When the terminal receives the confirmation push:

```javascript theme={null}
// Terminal-side code
onPaymentUpdate((update) => {
  switch (update.type) {
    case 'payment_confirmed':
      showSuccessScreen({
        amount: update.amount,
        message: 'Payment received!',
      });
      playSuccessSound();
      printReceipt(update);
      break;

    case 'payment_expired':
      showExpiredScreen({
        message: 'Payment timed out. Tap to retry.',
      });
      break;
  }
});
```

## Terminal-to-Server Communication

The webhook fires to your backend, not directly to the terminal. You need a way to push updates from your backend to the terminal. Common patterns:

| Method                   | Best For                   | Latency     |
| ------------------------ | -------------------------- | ----------- |
| WebSocket                | Always-connected terminals | Under 100ms |
| MQTT                     | IoT/embedded terminals     | Under 200ms |
| Server-Sent Events (SSE) | Web-based POS              | Under 500ms |
| Polling                  | Simple integrations        | 1-3s        |

<Tip>
  Need the lowest latency? Contact us about direct integration options for real-time payment notifications on your terminals.
</Tip>

## Handling Edge Cases

**Customer sends wrong amount:** The payment intent tracks the expected amount. If the customer sends more or less, the `transaction.created` webhook fires with the actual amount. Your system should reconcile and handle over/underpayments per your business logic.

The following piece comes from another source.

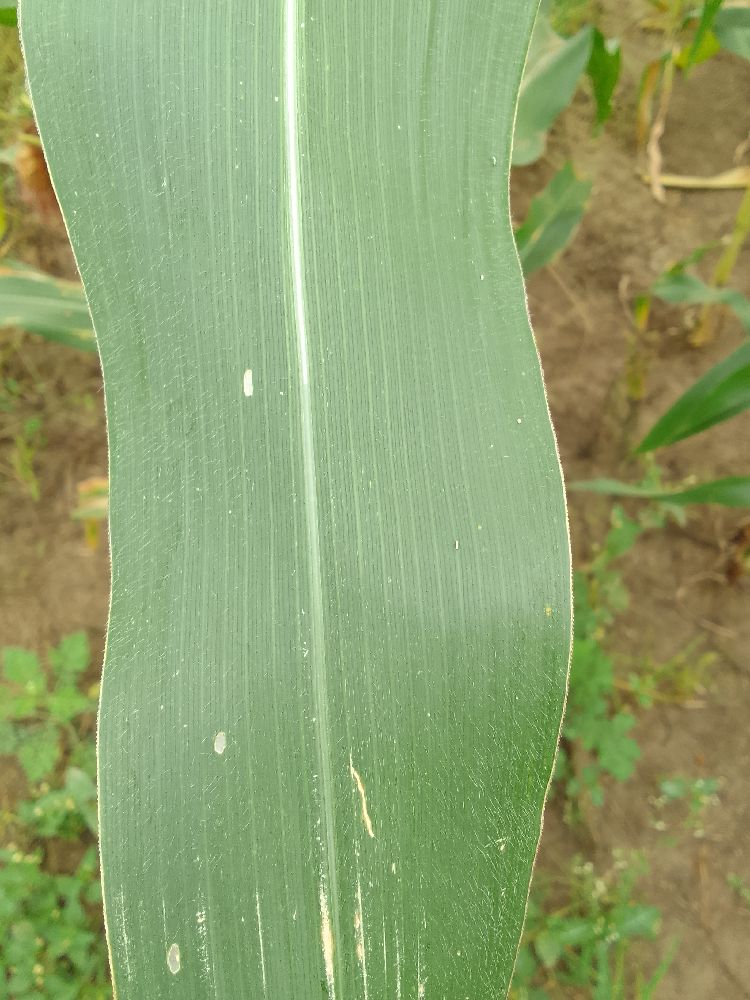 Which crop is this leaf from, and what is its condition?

maize, healthy

**Network disconnection:** If the terminal loses connectivity after displaying the QR code, the payment still works — the customer's on-chain transaction is independent of your terminal's connection. When connectivity resumes, the webhook will be retried and delivered.

**Terminal reboot mid-payment:** Store the active `payment_intent_id` locally. On reboot, call `GET /v1/payment-intents/{id}` to check if payment was received while offline.